In many countries, including Spain, COVID-19 has had an impact during two different time periods with very different characteristics [10]. There are notable differences between the first wave, which began in February of 2020, in which there was scant awareness of the disease compared to the following waves. The first wave in Spain provoked greater excess mortality than in any other European country [13]. However, this wave hit certain zones hard, while in others it was much less relevant. In Andalusia, for example, confinement took place when there were still very few cases in the region [14]. By mid-July, when new infections started to rise again (with the beginning of the second wave), more than 27,000 deaths had been officially registered in Spain as cases of COVID-19 [14, 15]. Only five per cent came from Andalusia, a region with 17.9 per cent of the Spanish population. COVID-19 had a much greater impact in Andalusia during the second and third waves, accounting for around 30 per cent of cases and deaths in Spain [14].

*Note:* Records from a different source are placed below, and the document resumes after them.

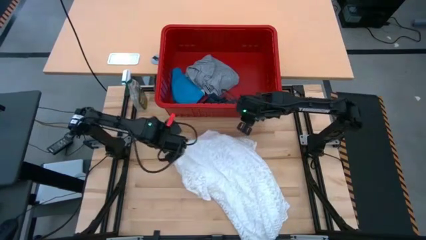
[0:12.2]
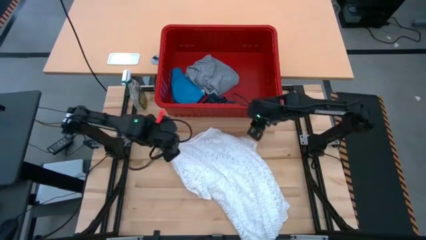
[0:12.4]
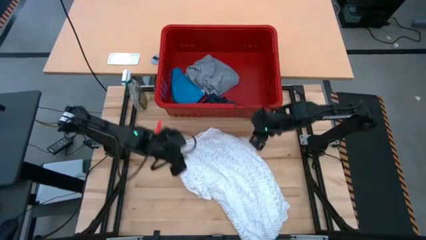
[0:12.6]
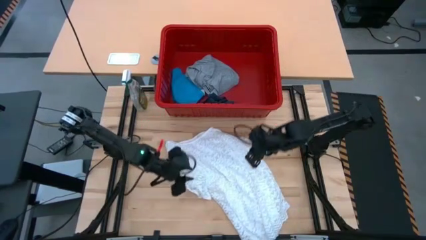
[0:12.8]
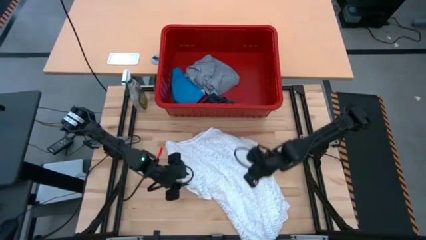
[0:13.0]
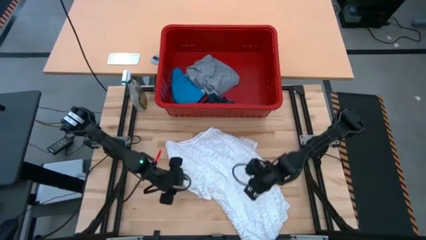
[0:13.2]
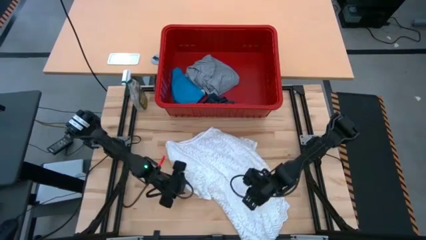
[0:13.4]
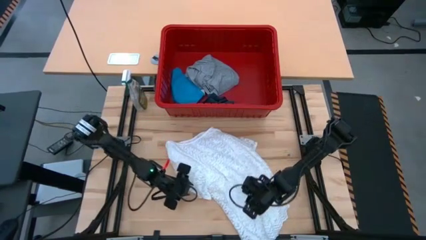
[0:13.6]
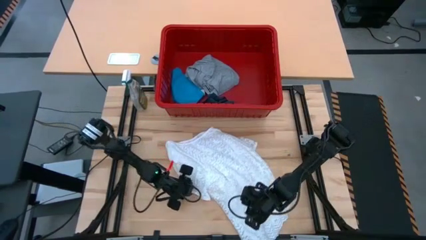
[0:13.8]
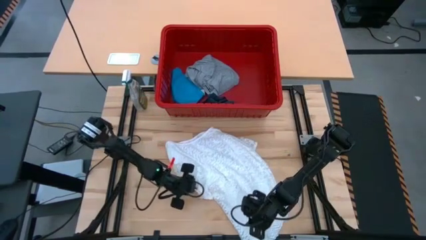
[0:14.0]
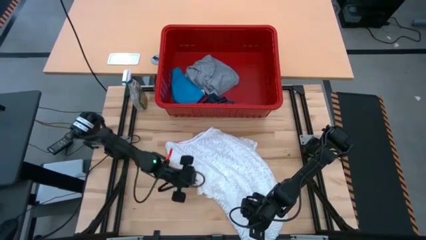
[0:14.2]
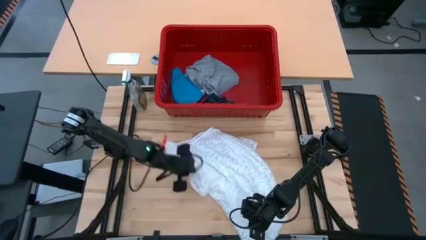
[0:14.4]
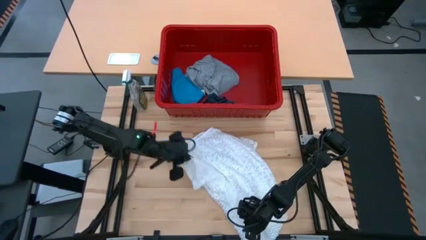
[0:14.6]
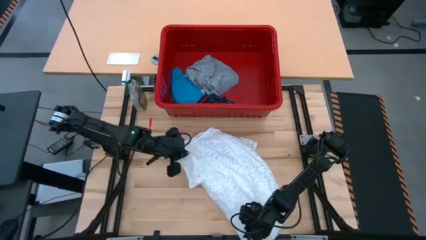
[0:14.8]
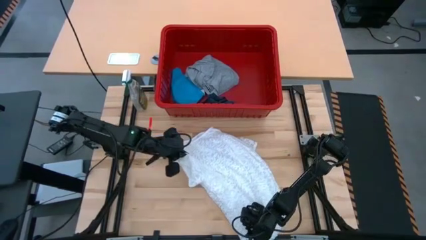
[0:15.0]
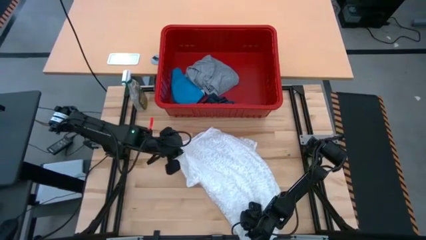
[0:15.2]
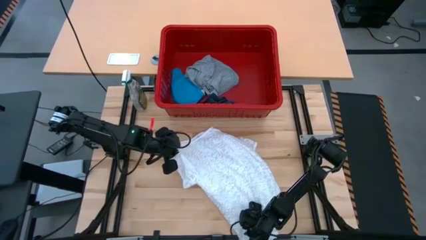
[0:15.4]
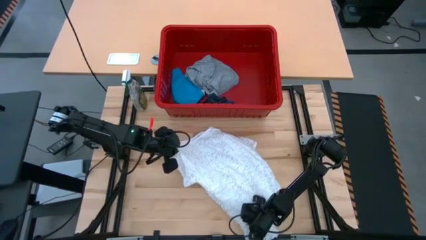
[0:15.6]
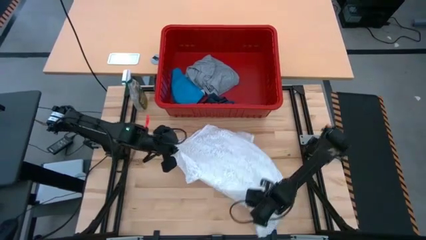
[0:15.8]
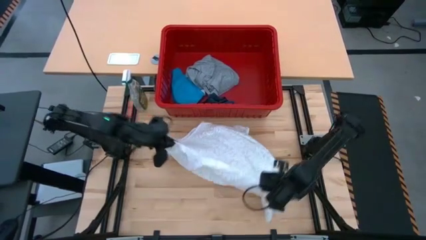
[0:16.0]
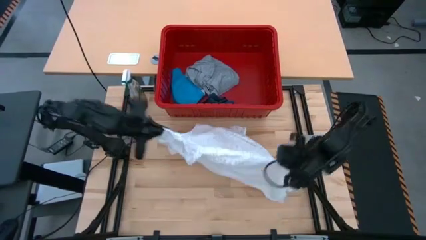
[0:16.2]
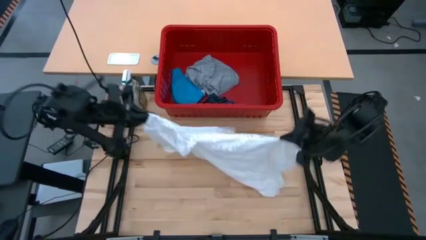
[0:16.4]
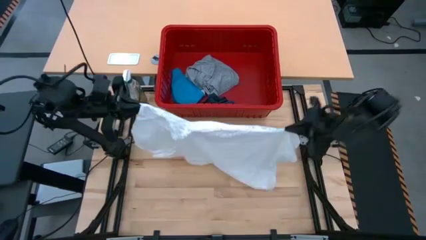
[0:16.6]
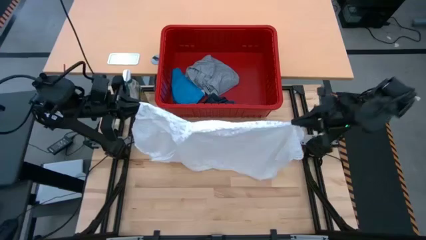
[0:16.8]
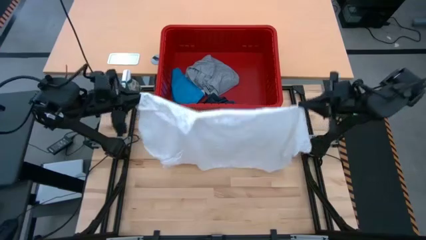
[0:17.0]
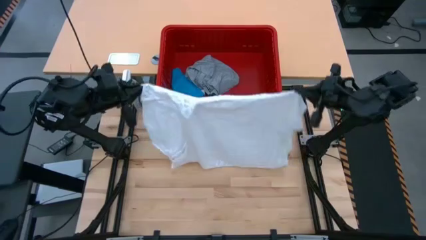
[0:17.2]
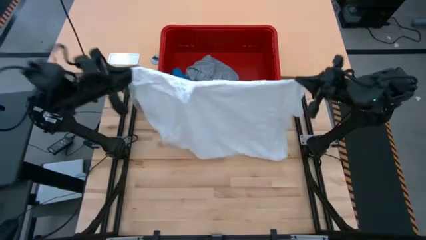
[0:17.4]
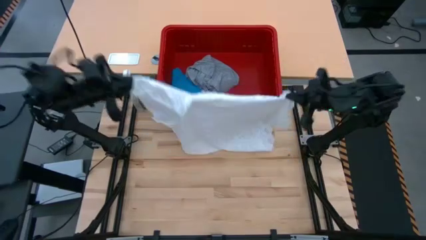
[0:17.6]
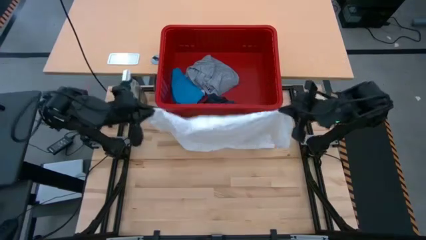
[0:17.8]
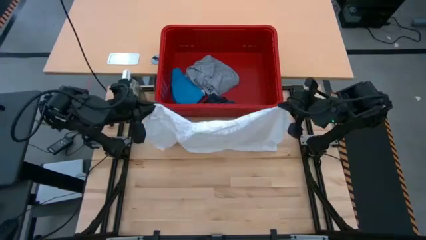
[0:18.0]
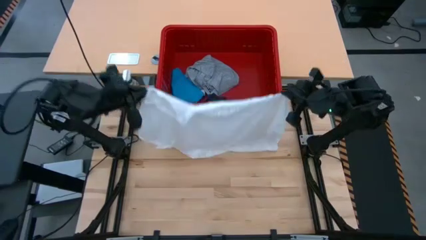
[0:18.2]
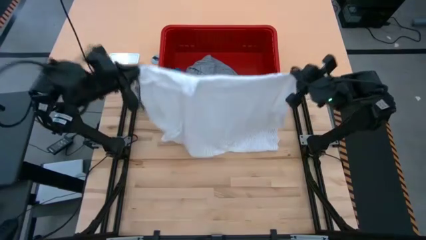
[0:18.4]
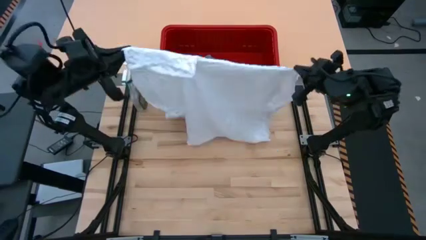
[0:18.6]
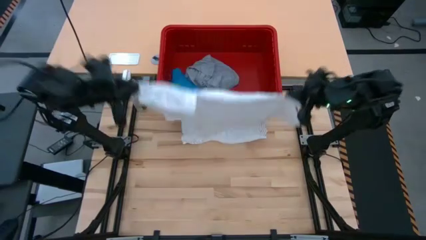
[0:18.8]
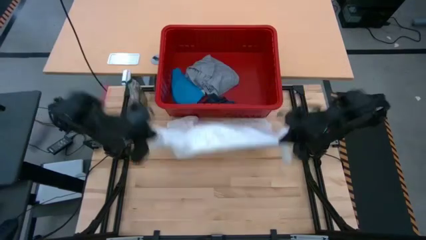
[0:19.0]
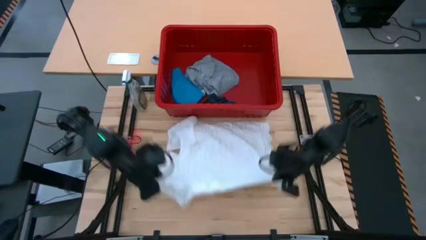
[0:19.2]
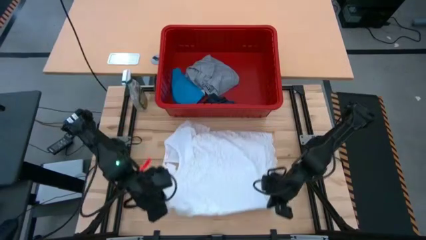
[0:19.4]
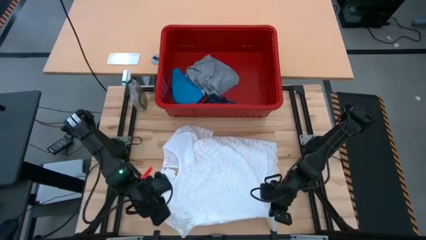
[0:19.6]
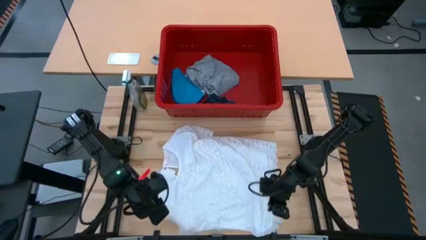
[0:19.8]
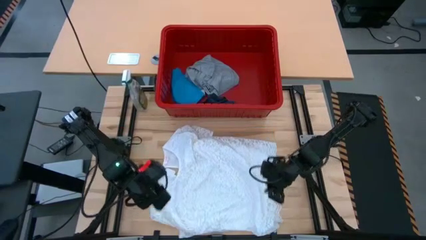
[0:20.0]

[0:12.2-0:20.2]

Despite the existence of research on the association between sociodemographic risk factors and COVID-19, especially concerning urban areas [3, 4, 7, 16, 17], there are few studies that evaluate the risk of infection, hospitalisation and death due to the virus in a single study population. Furthermore, in order to accurately interpret the influence of socioeconomic factors on these outcomes, biased data from the first wave (diagnostic bias) should be considered separately [11].

The objective of this study was to analyse socioeconomic differences in the 12 primary urban areas in Andalusia (Spain) in terms of confirmed cases, hospitalisations and deaths due to COVID-19 during the first three epidemic waves of the pandemic.

Materials and methods

We carried out an ecological, retrospective study of the first three epidemic waves of the COVID-19 pandemic in the primary urban areas in Andalusia, Spain.

Variables

The units of analysis were the census sections (small territorial units inside a neighbourhood encompassing approximately between 1,000 and 2,500 inhabitants) in urban areas (territorial units defined by population volume criteria and by territorial features). The sociodemographic variables were: the number of inhabitants (aggregated and disaggregated by sex and age) and average annual gross income per household (AGI) in euros. The epidemiological variables were: confirmed cases of COVID-19, as defined by the Spanish Ministry of Health (which mainly considered the laboratory criteria of confirmed PCR or antigen test to SARS-CoV-2, depending on the period of the pandemic [18]), hospitalisation of confirmed COVID-19 cases, deaths of confirmed cases of COVID-19, and epidemic waves, defined by the acceleration and deceleration of the number of new cases of COVID-19 (first epidemic wave: February 26 [first confirmed case in Andalusia] to July 12, 2020; second wave: July 13 to December 27, 2020; third wave: December 28, 2020 to March 31, 2021).

Information sources

The most recent available information on demographic data (2019) and AGI (2018) came from the National Statistics Institute (NSI) [19]. However, given that AGI in 2018 was available for 99.1 per cent of census sections, information for prior years was used for the rest: 2017 (0.3%), 2016 (0.1%) and 2015 (0.4%). In 0.2 per cent of census sections there were no available data on AGI, thus they were excluded from the analysis. The confirmed COVID-19 cases in terms of diagnosis, hospitalisation and deaths—geocoding (X and Y coordinates)- and the information on institutionalisation in elderly or disability care centres (these cases were excluded due to the risk of interference with the spatial analysis) were obtained from the Epidemiological Surveillance System of Andalusia (SVEA). Finally, in order to establish cut-off points between epidemic waves, information on the evolution of the pandemic in the study area was obtained from the Andalusian Institute of Statistics and Cartography [20].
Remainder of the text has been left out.